1,麻痺側をみた上で、全身をみる
脳卒中の多くは、左右にわかれている脳の一側のみを損傷します。「右」被殻出血、「左」中大脳動脈の梗塞と言った具合です。その為、後遺症の運動麻痺や感覚麻痺の症状が現れるのは、身体の右側か左側の一側だけです。
よってリハビリでは、症状の現れている【麻痺側】をみていくことになります。麻痺側がどれくらい動くのか?感じにくさはないか?などの評価から始まり、動かす練習や感じられるようになるための介入に至るまで、麻痺側へのリハビリがメインになっていきます。
一方で、起き上がりや立ち上がりなどの基本動作は、全身を使用する動作なため、リハビリでは麻痺側だけをみていても足りません。特に、左右の下肢を交互に前に振り出す歩行や、両手を同時に使用する行為は、それぞれに特化した評価や介入が必要です。
2,片麻痺は脳の疾患
多くの片麻痺患者さんが、動かない・感じない症状が見られています。そのため、【身体に問題がある】と考えがちですが、脳卒中は脳の疾患であり、動かない・感じない原因は身体ではなく「脳にある」はずです。話せない・無視してしまうなどの高次脳機能障害は脳との関係性がイメージしやすいのですが、運動障害や感覚障害は簡単ではありません。
この壁を越えるためのポイントは、動かない・感じない原因を出来るだけ細かくしていくことです。
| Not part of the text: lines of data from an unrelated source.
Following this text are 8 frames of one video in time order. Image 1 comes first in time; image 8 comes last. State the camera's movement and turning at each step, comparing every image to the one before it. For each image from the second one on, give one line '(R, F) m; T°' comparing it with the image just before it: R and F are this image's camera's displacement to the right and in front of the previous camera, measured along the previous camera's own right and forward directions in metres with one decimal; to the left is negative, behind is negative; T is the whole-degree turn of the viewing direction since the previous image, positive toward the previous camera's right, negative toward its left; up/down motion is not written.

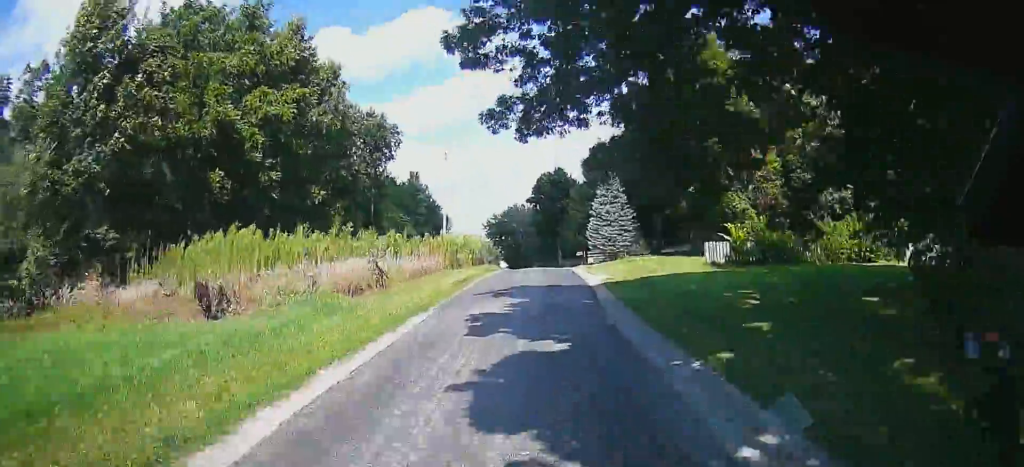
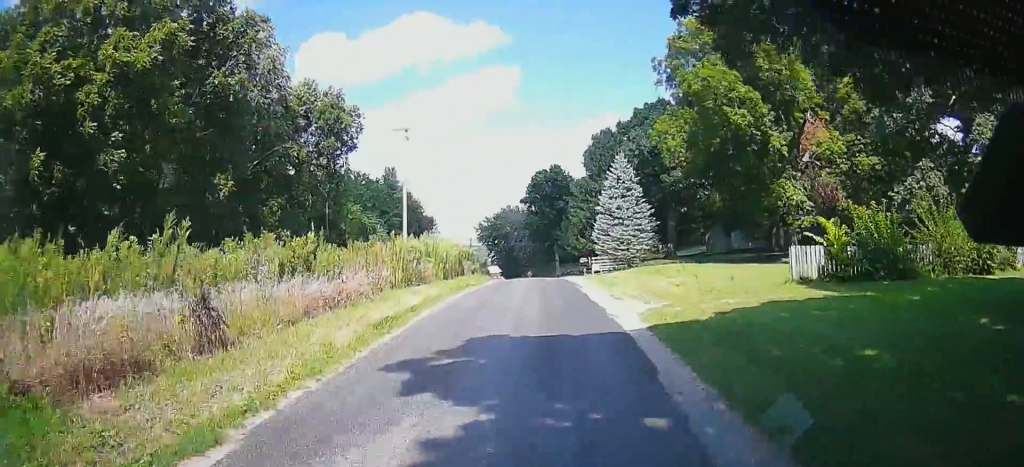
(0.0, +11.7) m; 0°
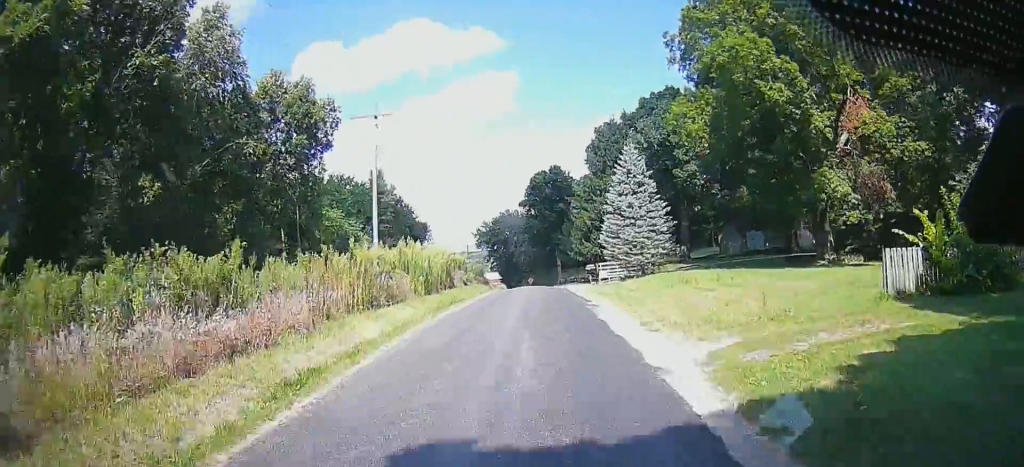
(0.0, +6.1) m; 0°
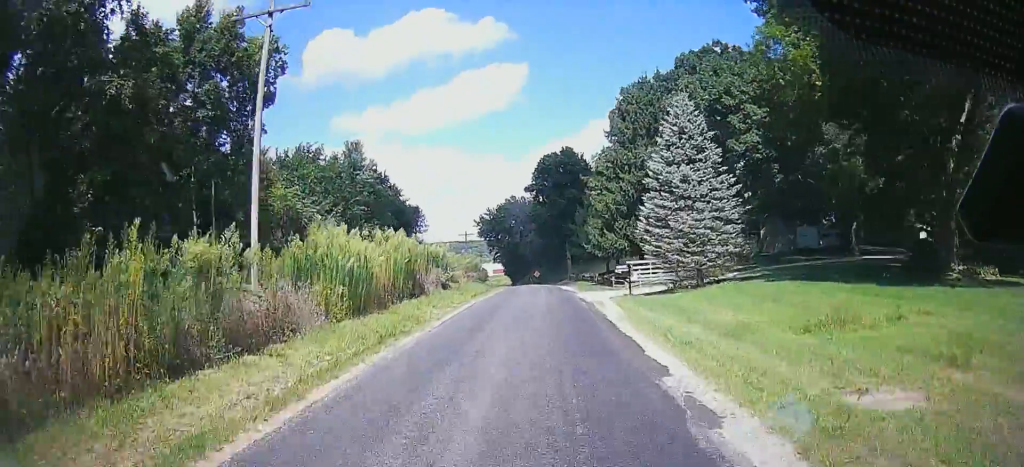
(-0.1, +13.3) m; 0°
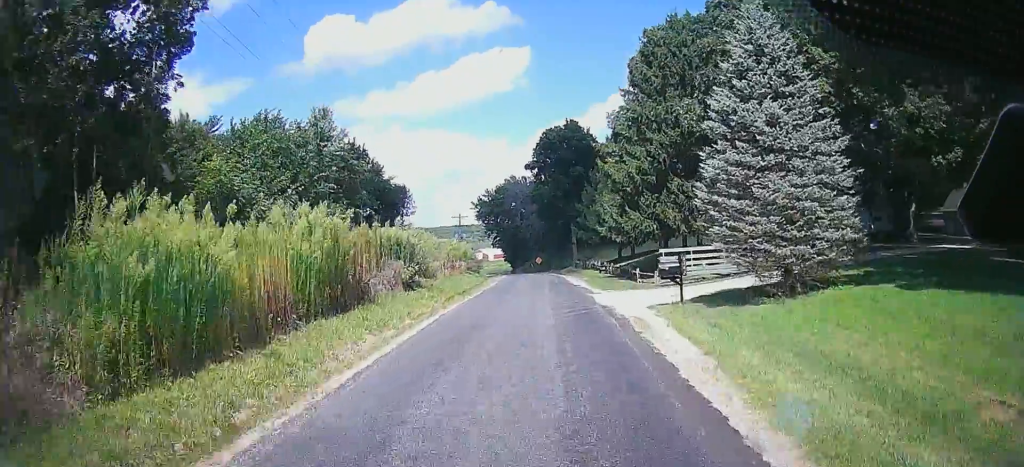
(+0.1, +10.3) m; 0°
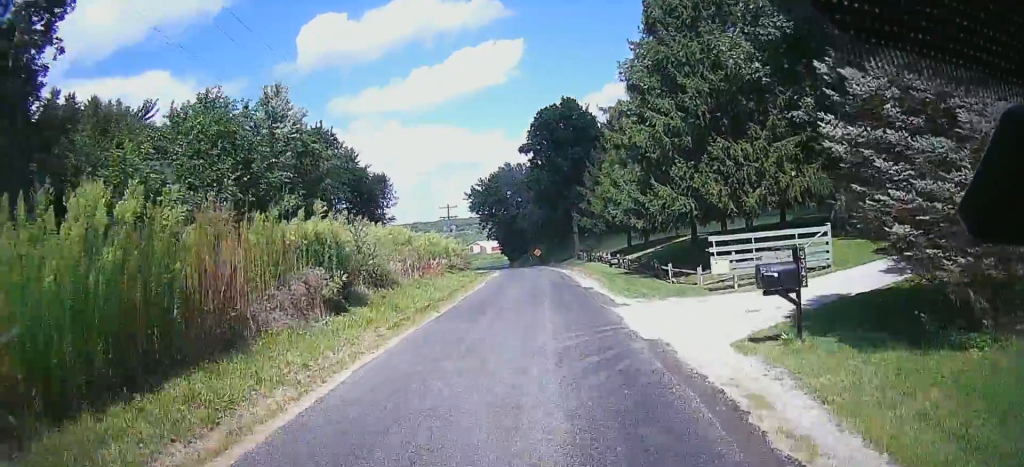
(+0.1, +9.0) m; -1°
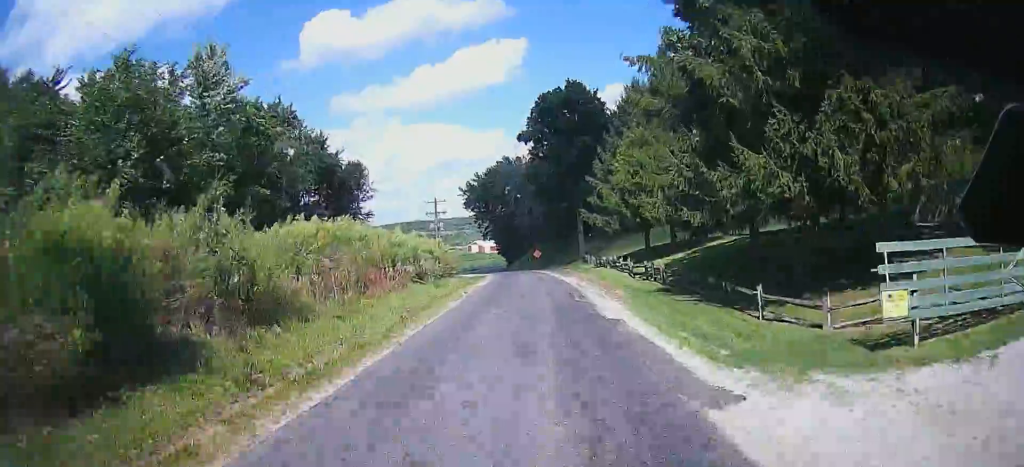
(-0.3, +10.5) m; -2°
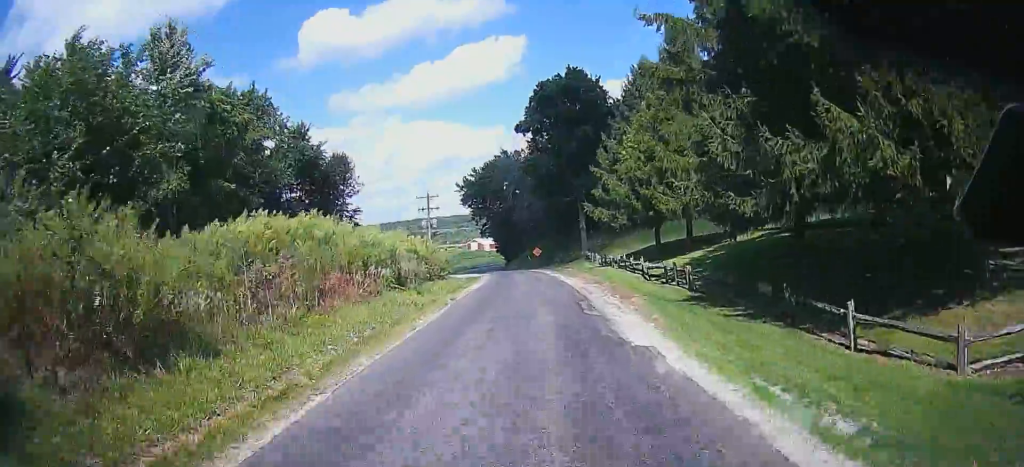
(0.0, +4.6) m; 0°

失行症を例に考えてみます。失行症は、運動麻痺・感覚麻痺が無いにもかかわらず、目的に合わせて効率的に行為が出来ません。なので、PTやOTが患者さんの動きを観察した時には、麻痺による影響なのか?失行症の影響なのか?分かりにくくなってきます。もし、失行症の影響が強い場合、身体を動かす練習をいくらしても大きな改善は見込めません。つまり、失行症の場合、上手く動けない原因は身体にはありません。患者さんの動作をよく観察して、評価や検査の結果から「なぜ?」を深めていかないと、なかなか改善はみられません。
3,外から見えているのはごく一部
感覚をはじめ、片麻痺患者さんが自分の身体をどう感じているのか?高次脳機能障害の影響で、患者さんの認知機能はどう変化しているのか?は、患者さんの【中】にしか答えはありません。そのため、リハビリの臨床では、患者さんに【聞く】ことが非常に重要です。PT・OTが今までの経験や知見から決めつけてしまうのは非常に危険です。必ず患者さんの中にある答えを聞くようにします。